Volví al teléfono justo para atender a mi marido. Ya no quedaban pacientes en la sala de espera. “Hola, mi vida, estaba pensando en vos” y la idea me calentó tanto que tuve que meter mi mano por debajo del escritorio para acariciarme mientras hablaba. A medida que charlábamos, yo iba avanzando hacia un orgasmo. Por suerte, en eso se abrió la puerta del consultorio y se fue la última paciente. El doctor cerró la puerta detrás de ella y sacó del pantalón su nabo que ya estaba erecto. Yo miraba esa maravilla mientras continuaba tratando de mantener una conversación coherente con mi marido.
“Sí, mi vida. ¿Estás con mucho trabajo en la oficina…?” El nabo del doctor ya se había puesto a la altura de mi cara, erguido en todo su esplendor y potencia. No pude menos que darle un beso con mucho chuick, “Te mandé un besito, mi vida, ¿lo recibiste?” y comencé a chuparle el nabo que emanaba su siempre maravilloso olor. “Sí, mi cielo, ahora yo te mando otro, Chuick” me respondió mi único amor. Como yo seguía mamando esa jugosa poronga, mi marido insistió:
“¿Lo recibiste?” “Mmmmhhhp” le respondí sin sacar la poronga de mi boca. El doctor me sentó sobre el escritorio, dejándome la concha al aire. “¿Te mando otro?” preguntó mi único amor. “¡Sí, mi amor, mandame muchos besitos…!” le pedí, mientras el doctor me enterraba su tranca en mi tierno agujerito delantero. Del otro lado se escuchaba “chuick, chuick, chuick, chuick…” Y yo comenzaba a jadear, tratando de no hacerlo muy ostensible. “¿Los recibiste?” preguntó mi único amor. “Quiero más…” musité con la voz algo ronca, por las sensaciones que me estaba produciendo el nabo del doctor, y en ese momento terminó de enterrármelo hasta el fondo, haciéndome dar un jadeo. “Aquí van más, mi mimosa… chuick chuick chuick chuick… “ y siguió mandándome besitos por la línea, mientras el doctor me mandaba su enorme nabo por mi canal delantero. Yo comencé a jadear y gemir sin recato, impactada por las tremendas sensaciones que me provocaba la tranca del doctor. Después de cien chuicks más la vocesita de mi esposo me dijo “¿Los recibiste?” “¡Síi!” Gemí con voz ronca, casi como un rugido. “¡No sabés… que tan… adentro… me… están… llegando…!” le jadeé como pude. Y el doctor comenzó a darme cada vez más duro. “¿Querés que te mande más?” dijo mi marido con voz pícara por el teléfono. “¡Síii, mandámelos bien mandados… !” Y el doctor me la mandó hasta el fondo, produciéndome un irresistible orgasmo que me hizo imposible seguir sosteniendo el teléfono. Con mis ojos turbios me sumí en un apasionado beso de lengua con mi jefe. Alcancé como pude el auricular y me lo acerqué a la oreja “…chuick … chuick… chuick… “ seguía la voz de mi marido.

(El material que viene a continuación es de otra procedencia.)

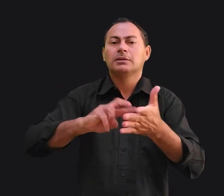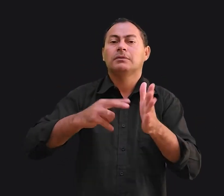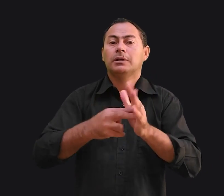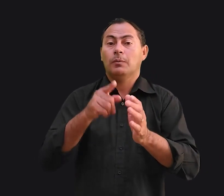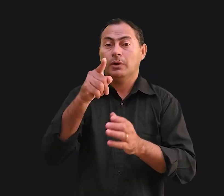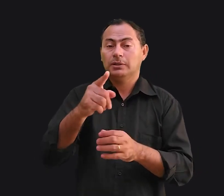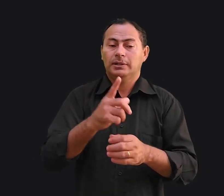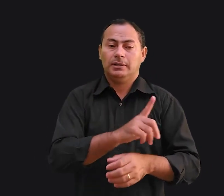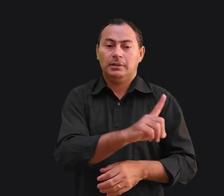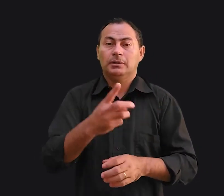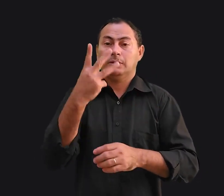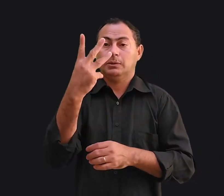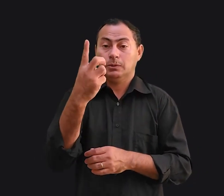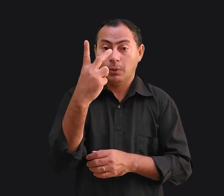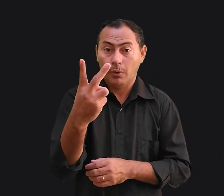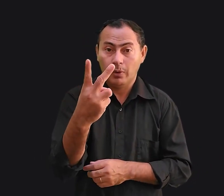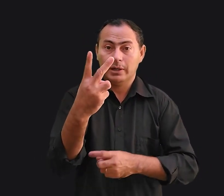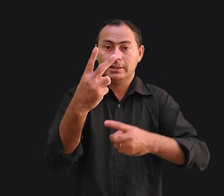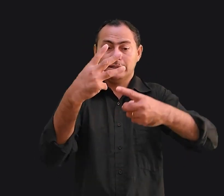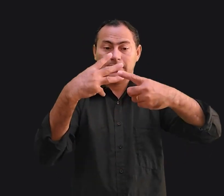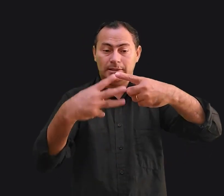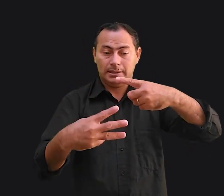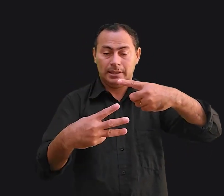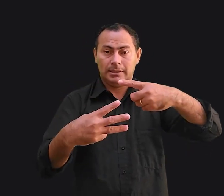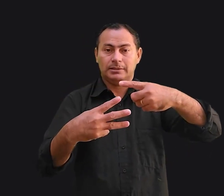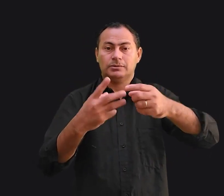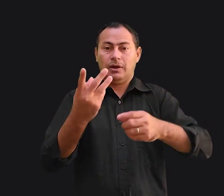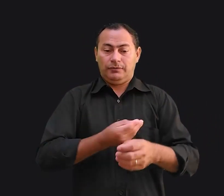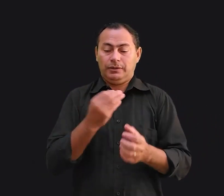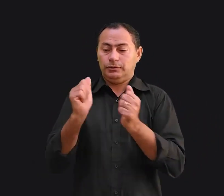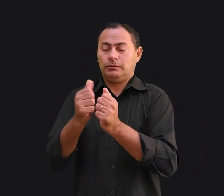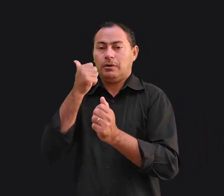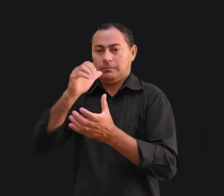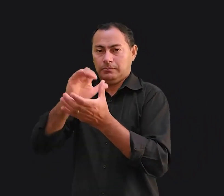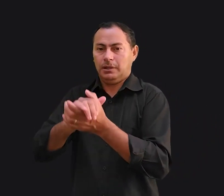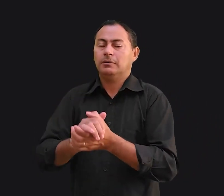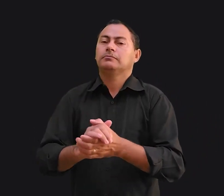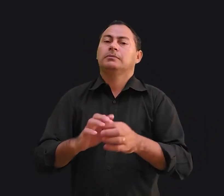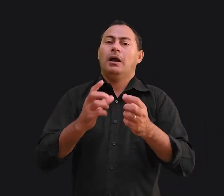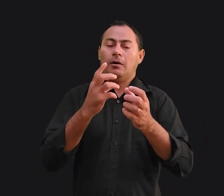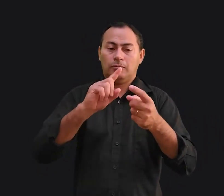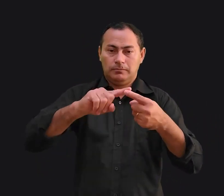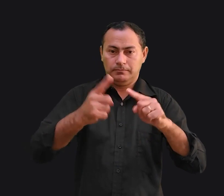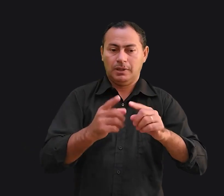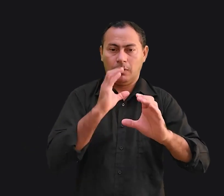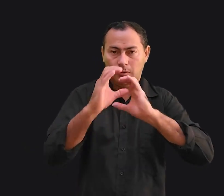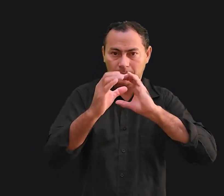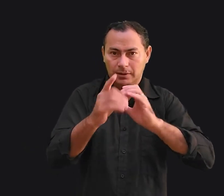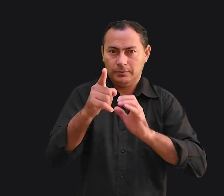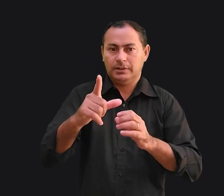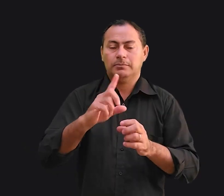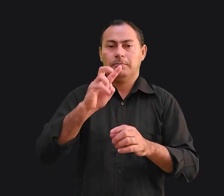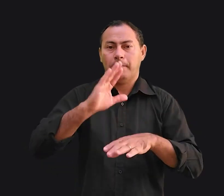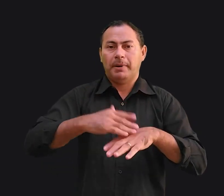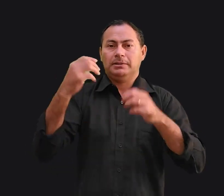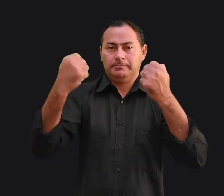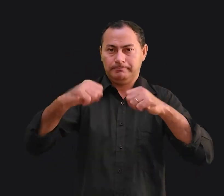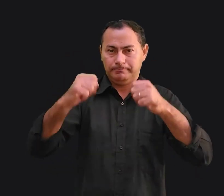dizer que você passará dois terços da sua vida com seu cônjuge. Portanto, a combinação de comunicação que você mais precisa

“Bueno, mi vida, tengo que seguir trabajando” Y le colgué. Y pasando mis brazos por el cuello del doctor le pegué mis tetonas contra su pecho desnudo y nos entregamos al beso que nos estábamos dando.
Me puso su nabo nuevamente enhiesto, entre mis tetonas y me los cogió hasta llenarme la cara de leche. Luego me la dio por el culo, que había recibido un montón de atenciones ese día, lo que me llenaba de gozo. Acabé un montón de veces, hasta que mi jefe me lo enterró hasta el fondo del orto, ya muy abierto, a esa hora del día, y me lo llenó de leche que fue a mezclarse con las otras que tan generosamente me habían inyectado.
Mientras me vestía lentamente, tratando de reponerme de tanto trajín, una duda acudió a mi mente: “¿Usted piensa, doctor, que esto que estuvimos haciendo puede llamarse “infidelidad”? le pregunté mientras él todavía acariciaba mi culo y mis labios con sus manos llenas de olor a sexo. “De ninguna manera, Julia, quédese tranquila. Contésteme una pregunta: ¿Usted ama a su marido?” “Sí, es el único hombre que amo.” “¿Ve lo que le digo?” respondió con voz triunfal. Y en un arranque de protección me llevó la cabeza hasta su gran falo, nuevamente erecto, de modo que no tuve más remedio que chupárselo de nuevo.
“Esto es trabajo”, agregó él, moviendo su tranca dentro de mi boca, “y el trabajo no es infidelidad, siga chupando.”
Y con la conciencia ya tranquila, se la continué mamando.